The Unicode 3.0 standard specifies "line breaking behavior" of characters in a manner which I find very confusing. This document tries to present the ideas the way I've understood them, and partly criticizes them. The reader is assumed to have a basic understanding of what Unicode is.

This document is partly out of date, now that Unicode 4.0 has been published. However I think the changes do not substantially change the basic points in this document.
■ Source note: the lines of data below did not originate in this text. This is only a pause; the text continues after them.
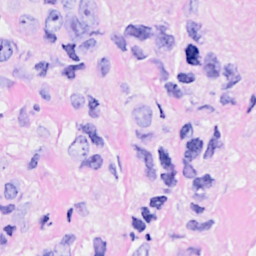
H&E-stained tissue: Breast
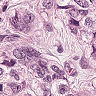
Metastatic tissue present: yes
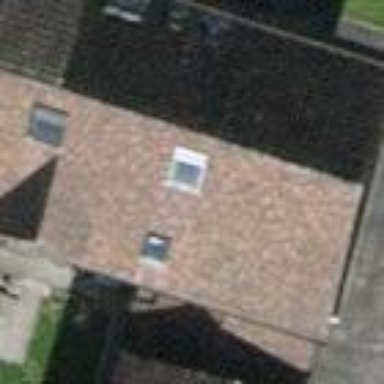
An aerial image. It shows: Building with tiled roof.
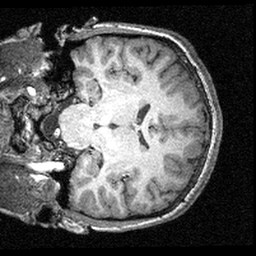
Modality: T1w
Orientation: coronal
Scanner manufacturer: siemens
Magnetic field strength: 3 T
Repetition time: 1.57 s
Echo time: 0.00304 s
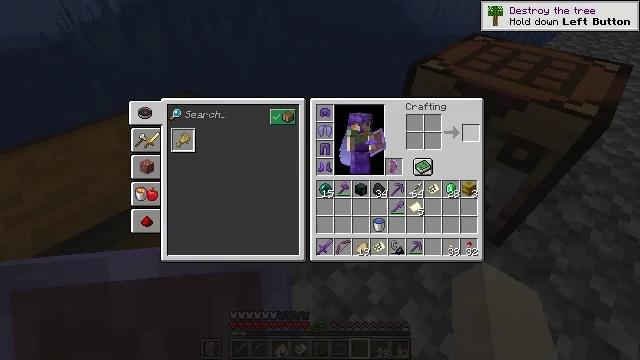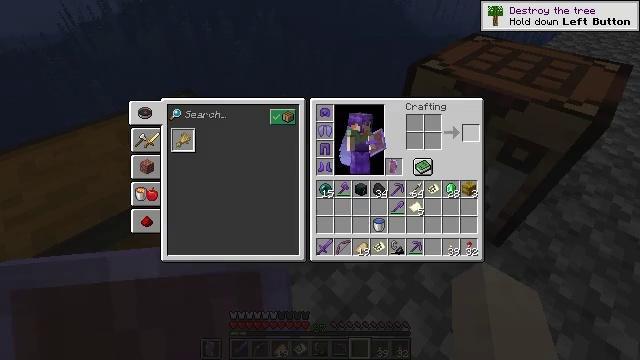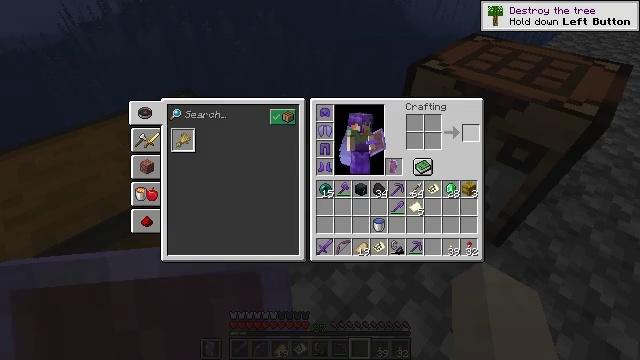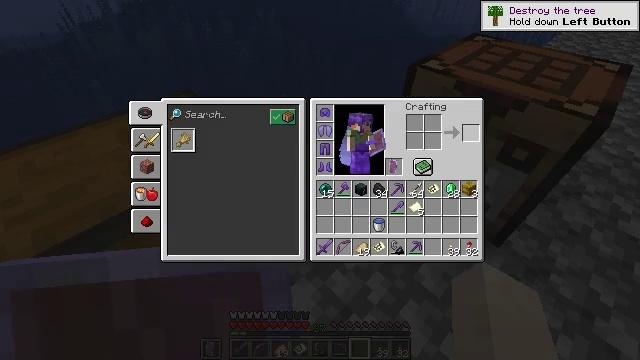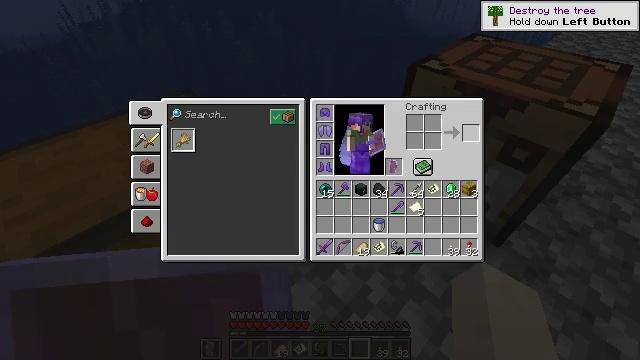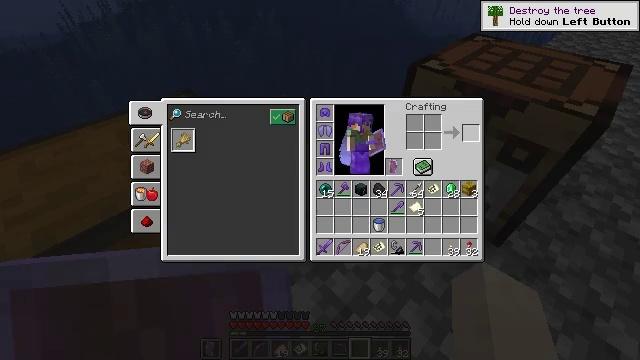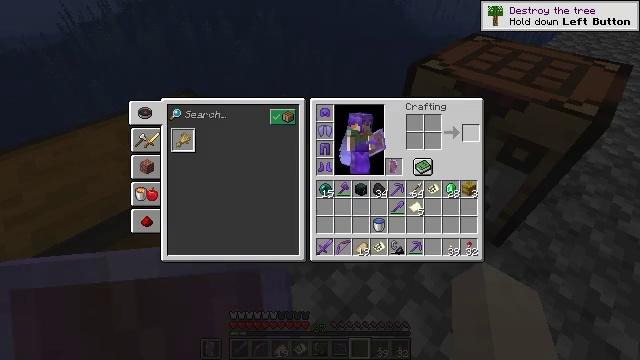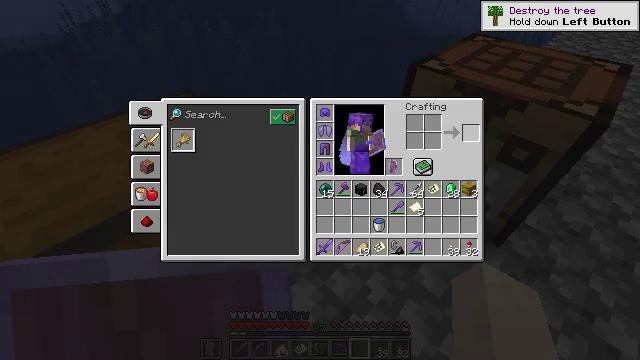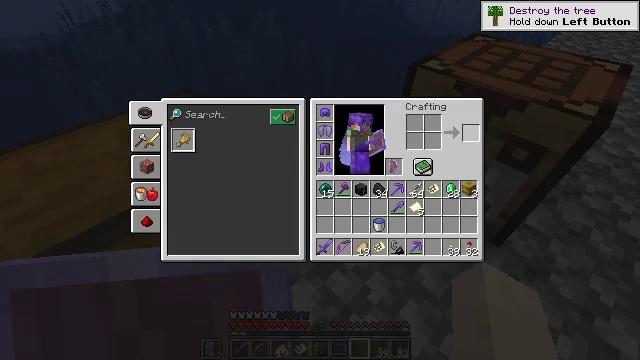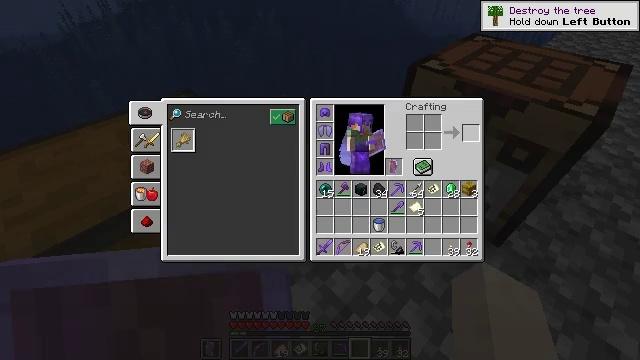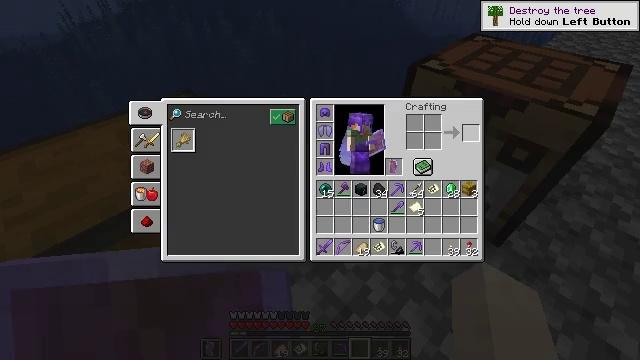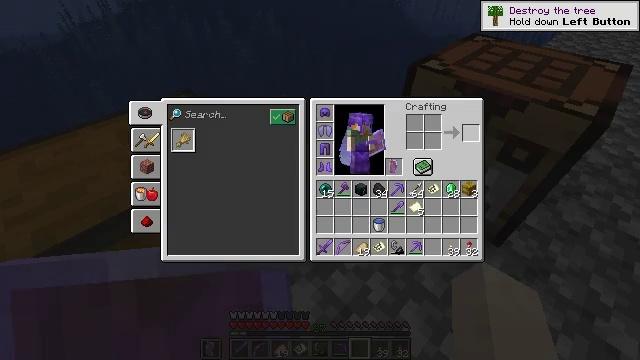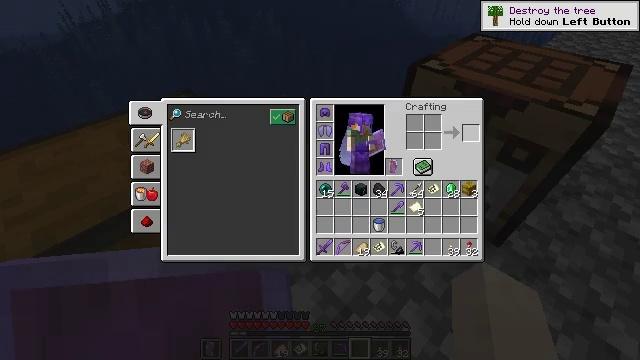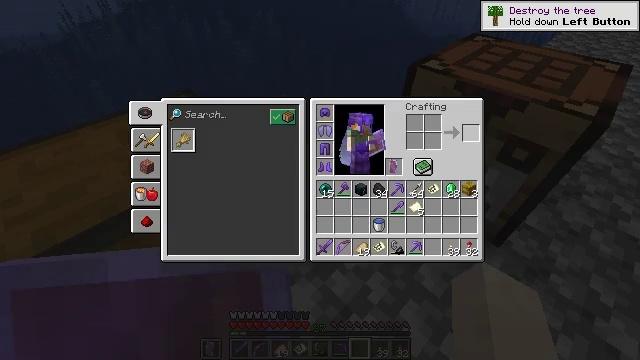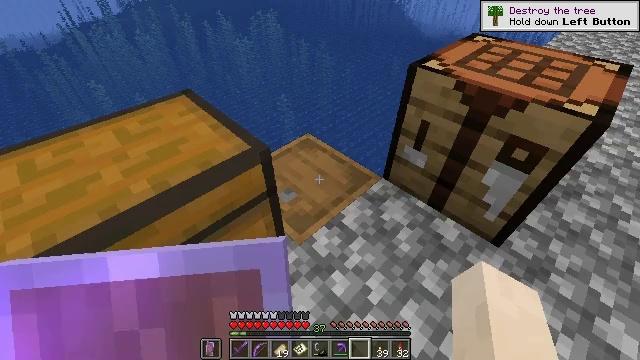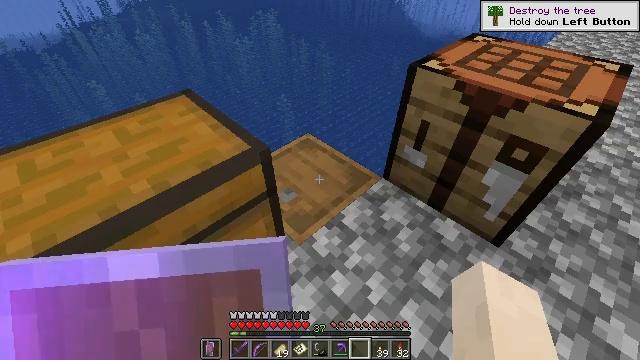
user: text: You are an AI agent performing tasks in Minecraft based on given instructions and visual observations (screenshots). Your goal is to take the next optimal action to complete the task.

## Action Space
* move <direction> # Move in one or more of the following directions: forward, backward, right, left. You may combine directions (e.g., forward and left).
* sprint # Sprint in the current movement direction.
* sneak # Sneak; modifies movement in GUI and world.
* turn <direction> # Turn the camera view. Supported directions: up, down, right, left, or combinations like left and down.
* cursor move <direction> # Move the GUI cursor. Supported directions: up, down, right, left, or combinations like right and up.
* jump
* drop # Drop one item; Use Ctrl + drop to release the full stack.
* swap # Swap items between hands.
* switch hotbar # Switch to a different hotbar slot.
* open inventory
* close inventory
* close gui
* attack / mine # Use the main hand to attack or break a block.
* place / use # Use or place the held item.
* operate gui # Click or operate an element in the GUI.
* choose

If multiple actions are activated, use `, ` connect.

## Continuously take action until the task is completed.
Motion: motion action
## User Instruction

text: Make a map using a crafting table.
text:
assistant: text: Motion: sneak, attack / mine
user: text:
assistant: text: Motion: sneak, attack / mine
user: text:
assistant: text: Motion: sneak, attack / mine
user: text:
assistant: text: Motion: sneak, attack / mine
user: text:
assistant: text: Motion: sneak
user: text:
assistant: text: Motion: no_op
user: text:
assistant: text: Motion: no_op
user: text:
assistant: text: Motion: no_op
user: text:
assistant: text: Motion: no_op
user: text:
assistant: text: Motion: no_op
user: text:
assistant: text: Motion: no_op
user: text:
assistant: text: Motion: no_op
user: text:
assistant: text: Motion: no_op
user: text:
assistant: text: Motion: no_op
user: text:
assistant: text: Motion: no_op
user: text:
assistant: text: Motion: no_op
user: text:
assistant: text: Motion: turn left
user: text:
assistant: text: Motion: turn left and up
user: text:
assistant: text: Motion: turn left and up
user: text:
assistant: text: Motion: turn left and up
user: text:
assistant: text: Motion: no_op
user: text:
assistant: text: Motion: move forward
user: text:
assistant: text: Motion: move forward
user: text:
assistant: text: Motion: move forward
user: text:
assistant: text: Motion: move forward
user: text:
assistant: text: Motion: move forward
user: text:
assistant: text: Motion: move forward
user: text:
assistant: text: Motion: move forward
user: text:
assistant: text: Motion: move forward, sprint
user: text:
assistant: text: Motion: move forward, sprint

What and where are there rules?

There are several different descriptions of "line breaking behavior" in the Unicode standard. In subchapter 5.15 of the printed book, there is a description under the heading Line Boundaries, on p. 129--132. It describes some "Character Classes" and says:

Note: For a precise specification of these classes, see Unicode Technical Report #14, "Line Breaking Properties," on the CD-ROM or the up-to-date version on the Unicode Web site. (The classes have slightly different names here for consistency.)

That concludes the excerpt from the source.